Lining Yao is an Assistant Professor of Mechanical Engineering at the University of California, Berkeley, where she directs the Morphing Matter Lab (morphingmatter.org). She also holds courtesy appointments with the Human-Computer Interaction Institute at Carnegie Mellon University. Dr. Yao’s research explores how active and morphing materials and structures can advance sustainable and responsive design for both planetary and human well-being. Her work spans the discovery of novel morphing mechanisms, the development of computational design and fabrication pipelines, and the creation of adaptive material systems that embed responsiveness into everyday life.
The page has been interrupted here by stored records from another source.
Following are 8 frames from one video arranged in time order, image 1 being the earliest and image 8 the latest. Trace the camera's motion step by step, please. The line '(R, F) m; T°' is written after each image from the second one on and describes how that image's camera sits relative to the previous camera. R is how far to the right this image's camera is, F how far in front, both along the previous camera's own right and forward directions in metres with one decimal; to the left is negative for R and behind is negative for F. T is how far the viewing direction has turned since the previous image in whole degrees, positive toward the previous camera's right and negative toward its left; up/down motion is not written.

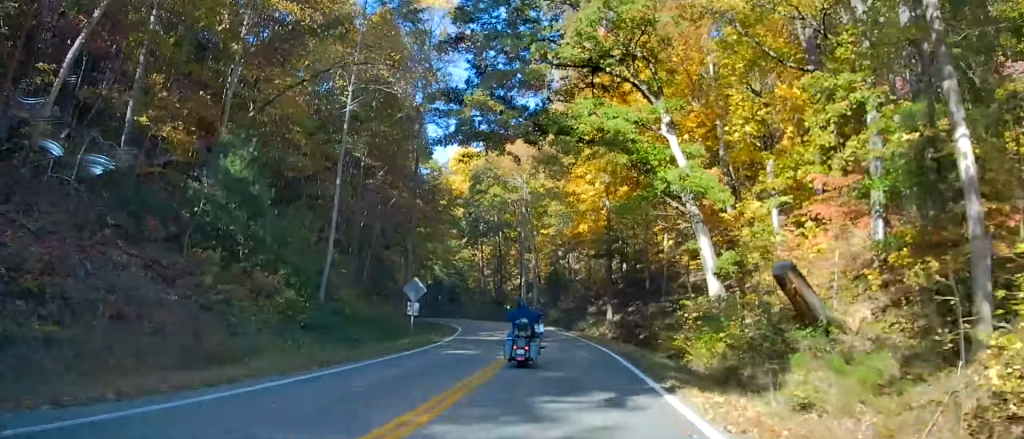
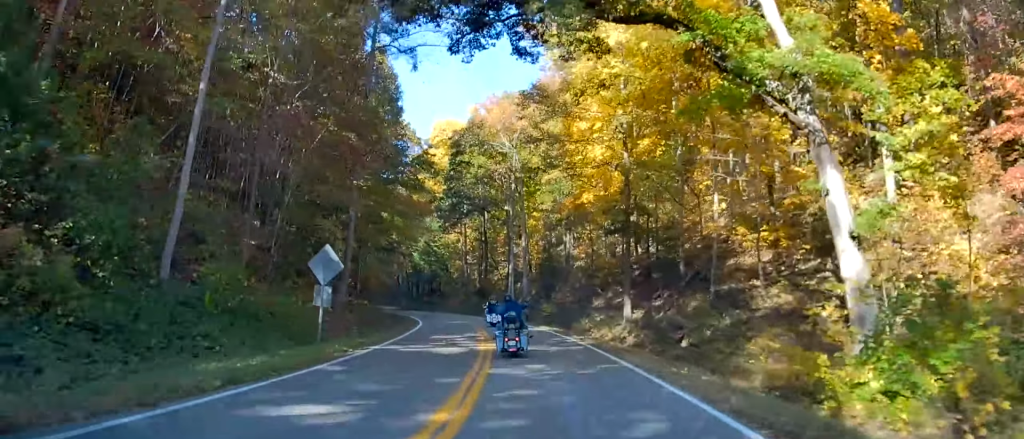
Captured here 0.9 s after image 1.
(+1.4, +14.3) m; +3°
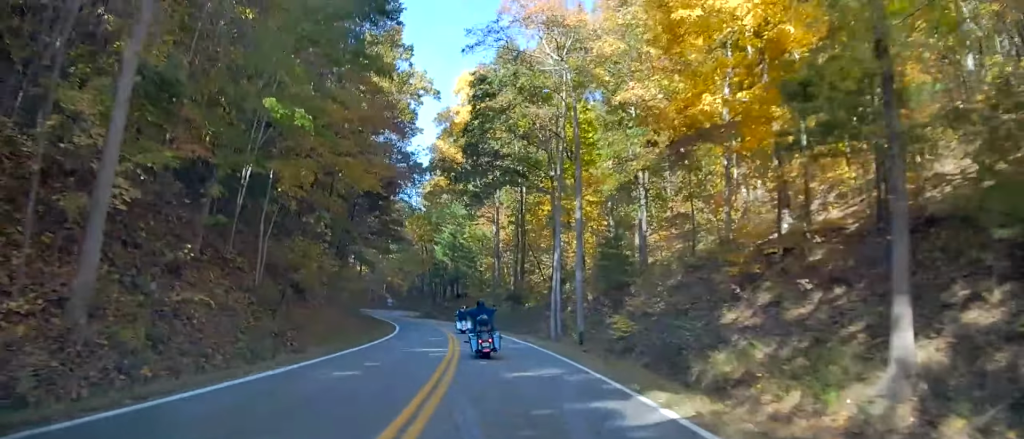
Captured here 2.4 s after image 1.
(-1.0, +23.9) m; -3°
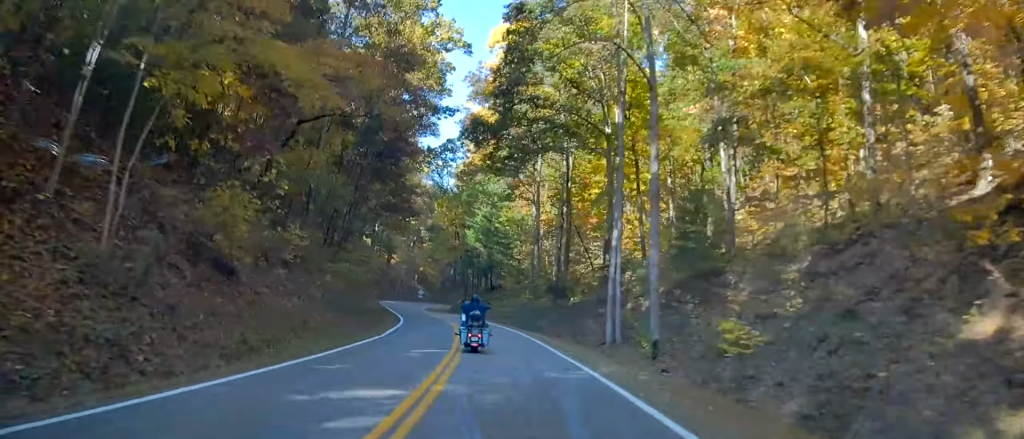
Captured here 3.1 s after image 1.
(0.0, +11.8) m; -3°
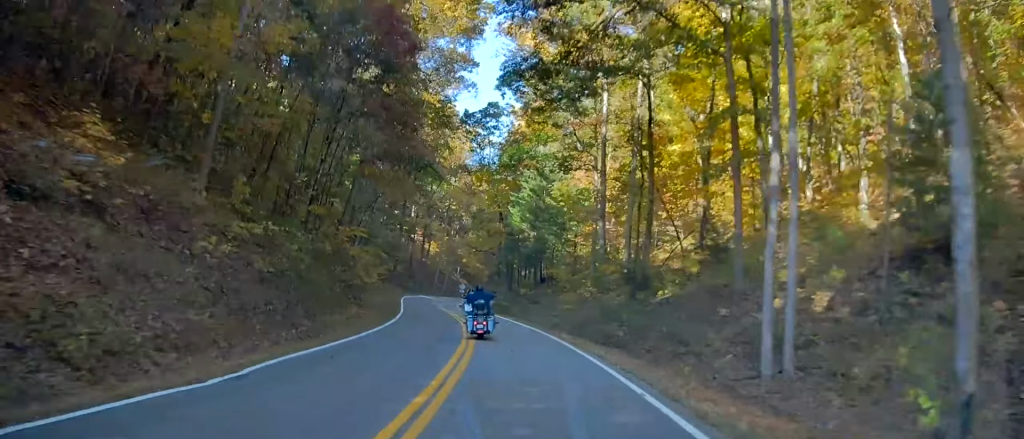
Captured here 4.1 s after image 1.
(-0.6, +16.3) m; -6°
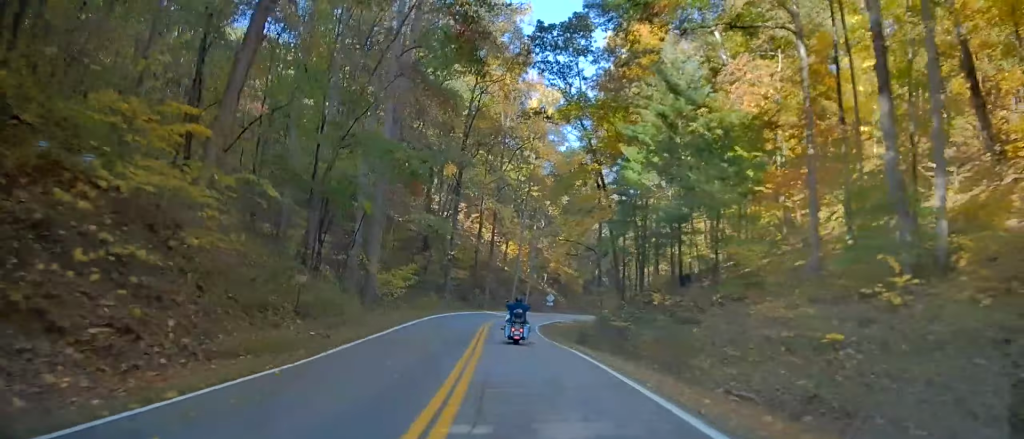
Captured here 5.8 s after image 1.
(-1.7, +29.6) m; -6°
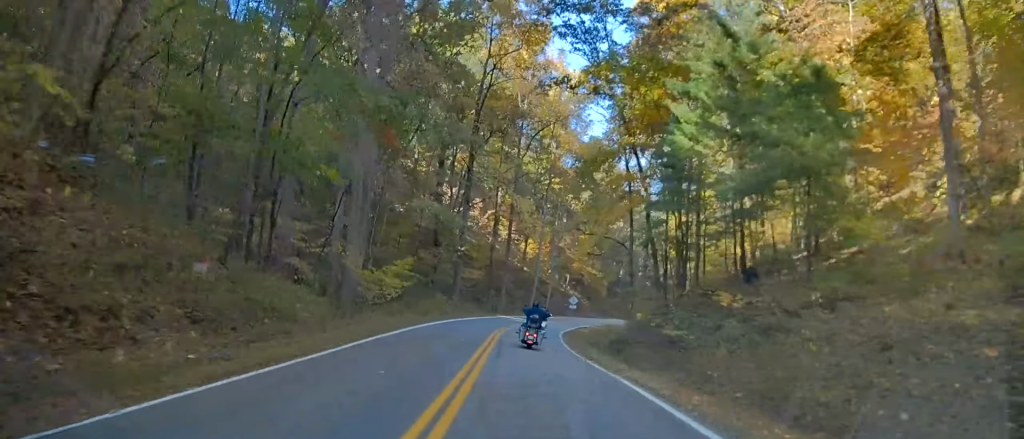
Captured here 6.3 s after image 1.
(-0.7, +8.0) m; -2°
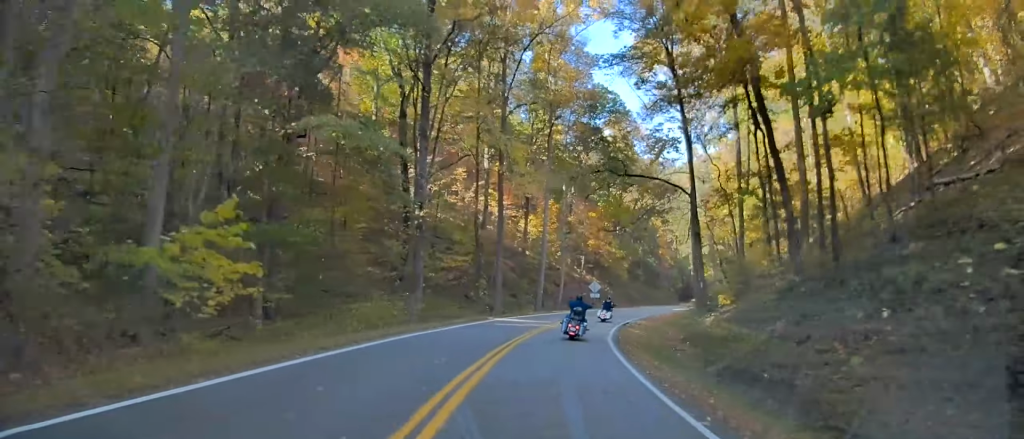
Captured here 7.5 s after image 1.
(-0.9, +20.8) m; -1°

Her projects have been supported by major funding agencies including an NSF CAREER Award, the Department of Defense MURI, and the NSF Growing Convergent Research (GCR) program, as well as several prestigious fellowships and chair appointments. She has published in Nature, Science Advances, and leading ACM venues, and her research has been featured in The New York Times, CNN, Wired, National Geographic, BBC, and other international media. Dr. Yao received her Ph.D. from the MIT Media Lab in 2017. Before joining UC Berkeley, she was a tenure-track faculty member at Carnegie Mellon’s Human-Computer Interaction Institute. She is co-founder of the MorphingMatter4Girls Initiative, a Wired UK Fellow, a board director of the 4D Printing Society, a core faculty member of the Berkeley Institute for Robot Design, and an appointed eco-design instructor with the United Nations Industrial Development Organization.